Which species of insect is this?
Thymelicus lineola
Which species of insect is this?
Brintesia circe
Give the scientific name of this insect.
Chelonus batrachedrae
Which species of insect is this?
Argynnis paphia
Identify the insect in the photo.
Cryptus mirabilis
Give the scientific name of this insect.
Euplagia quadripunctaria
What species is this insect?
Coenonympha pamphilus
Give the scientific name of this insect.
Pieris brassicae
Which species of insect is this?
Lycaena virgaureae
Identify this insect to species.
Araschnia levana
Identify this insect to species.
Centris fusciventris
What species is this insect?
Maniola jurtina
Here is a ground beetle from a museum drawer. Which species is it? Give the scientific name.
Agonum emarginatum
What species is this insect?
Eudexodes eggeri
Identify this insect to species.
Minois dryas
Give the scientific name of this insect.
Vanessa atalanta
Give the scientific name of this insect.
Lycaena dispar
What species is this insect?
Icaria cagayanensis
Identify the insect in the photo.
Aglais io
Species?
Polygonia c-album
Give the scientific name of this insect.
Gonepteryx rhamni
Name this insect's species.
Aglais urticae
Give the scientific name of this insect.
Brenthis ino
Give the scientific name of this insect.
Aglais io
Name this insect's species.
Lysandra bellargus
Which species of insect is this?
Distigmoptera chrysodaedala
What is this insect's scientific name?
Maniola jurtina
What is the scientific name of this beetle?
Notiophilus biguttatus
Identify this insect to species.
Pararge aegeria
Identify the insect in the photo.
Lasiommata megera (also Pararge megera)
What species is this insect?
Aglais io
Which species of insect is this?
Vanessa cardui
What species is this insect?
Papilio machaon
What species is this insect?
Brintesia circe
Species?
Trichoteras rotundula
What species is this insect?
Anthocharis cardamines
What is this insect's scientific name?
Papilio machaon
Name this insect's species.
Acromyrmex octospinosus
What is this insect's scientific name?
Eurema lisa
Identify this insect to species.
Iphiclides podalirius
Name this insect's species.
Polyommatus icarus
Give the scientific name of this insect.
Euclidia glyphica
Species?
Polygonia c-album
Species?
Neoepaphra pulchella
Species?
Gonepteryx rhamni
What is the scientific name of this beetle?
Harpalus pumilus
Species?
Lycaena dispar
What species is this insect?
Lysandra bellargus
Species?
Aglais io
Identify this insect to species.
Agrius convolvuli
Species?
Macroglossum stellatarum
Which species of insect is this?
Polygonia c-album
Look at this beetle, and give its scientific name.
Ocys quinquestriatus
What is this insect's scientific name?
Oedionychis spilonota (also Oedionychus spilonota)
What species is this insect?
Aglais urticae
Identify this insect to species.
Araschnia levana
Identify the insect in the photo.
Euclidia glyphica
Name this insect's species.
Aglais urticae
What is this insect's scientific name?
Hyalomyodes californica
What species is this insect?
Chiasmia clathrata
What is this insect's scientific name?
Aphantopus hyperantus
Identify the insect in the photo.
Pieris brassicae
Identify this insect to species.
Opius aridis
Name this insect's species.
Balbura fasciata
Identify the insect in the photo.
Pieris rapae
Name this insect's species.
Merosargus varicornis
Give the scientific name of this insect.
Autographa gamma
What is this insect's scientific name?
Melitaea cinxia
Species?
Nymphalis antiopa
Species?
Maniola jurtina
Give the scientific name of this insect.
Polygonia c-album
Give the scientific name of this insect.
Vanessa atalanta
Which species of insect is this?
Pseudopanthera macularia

> [Work to be completed]: From the listing above, extract all records word for word.

> [Answer below]:
Which species of insect is this?
Thymelicus lineola
Which species of insect is this?
Brintesia circe
Give the scientific name of this insect.
Chelonus batrachedrae
Which species of insect is this?
Argynnis paphia
Identify the insect in the photo.
Cryptus mirabilis
Give the scientific name of this insect.
Euplagia quadripunctaria
What species is this insect?
Coenonympha pamphilus
Give the scientific name of this insect.
Pieris brassicae
Which species of insect is this?
Lycaena virgaureae
Identify this insect to species.
Araschnia levana
Identify this insect to species.
Centris fusciventris
What species is this insect?
Maniola jurtina
Here is a ground beetle from a museum drawer. Which species is it? Give the scientific name.
Agonum emarginatum
What species is this insect?
Eudexodes eggeri
Identify this insect to species.
Minois dryas
Give the scientific name of this insect.
Vanessa atalanta
Give the scientific name of this insect.
Lycaena dispar
What species is this insect?
Icaria cagayanensis
Identify the insect in the photo.
Aglais io
Species?
Polygonia c-album
Give the scientific name of this insect.
Gonepteryx rhamni
Name this insect's species.
Aglais urticae
Give the scientific name of this insect.
Brenthis ino
Give the scientific name of this insect.
Aglais io
Name this insect's species.
Lysandra bellargus
Which species of insect is this?
Distigmoptera chrysodaedala
What is this insect's scientific name?
Maniola jurtina
What is the scientific name of this beetle?
Notiophilus biguttatus
Identify this insect to species.
Pararge aegeria
Identify the insect in the photo.
Lasiommata megera (also Pararge megera)
What species is this insect?
Aglais io
Which species of insect is this?
Vanessa cardui
What species is this insect?
Papilio machaon
What species is this insect?
Brintesia circe
Species?
Trichoteras rotundula
What species is this insect?
Anthocharis cardamines
What is this insect's scientific name?
Papilio machaon
Name this insect's species.
Acromyrmex octospinosus
What is this insect's scientific name?
Eurema lisa
Identify this insect to species.
Iphiclides podalirius
Name this insect's species.
Polyommatus icarus
Give the scientific name of this insect.
Euclidia glyphica
Species?
Polygonia c-album
Species?
Neoepaphra pulchella
Species?
Gonepteryx rhamni
What is the scientific name of this beetle?
Harpalus pumilus
Species?
Lycaena dispar
What species is this insect?
Lysandra bellargus
Species?
Aglais io
Identify this insect to species.
Agrius convolvuli
Species?
Macroglossum stellatarum
Which species of insect is this?
Polygonia c-album
Look at this beetle, and give its scientific name.
Ocys quinquestriatus
What is this insect's scientific name?
Oedionychis spilonota (also Oedionychus spilonota)
What species is this insect?
Aglais urticae
Identify this insect to species.
Araschnia levana
Identify the insect in the photo.
Euclidia glyphica
Name this insect's species.
Aglais urticae
What is this insect's scientific name?
Hyalomyodes californica
What species is this insect?
Chiasmia clathrata
What is this insect's scientific name?
Aphantopus hyperantus
Identify the insect in the photo.
Pieris brassicae
Identify this insect to species.
Opius aridis
Name this insect's species.
Balbura fasciata
Identify the insect in the photo.
Pieris rapae
Name this insect's species.
Merosargus varicornis
Give the scientific name of this insect.
Autographa gamma
What is this insect's scientific name?
Melitaea cinxia
Species?
Nymphalis antiopa
Species?
Maniola jurtina
Give the scientific name of this insect.
Polygonia c-album
Give the scientific name of this insect.
Vanessa atalanta
Which species of insect is this?
Pseudopanthera macularia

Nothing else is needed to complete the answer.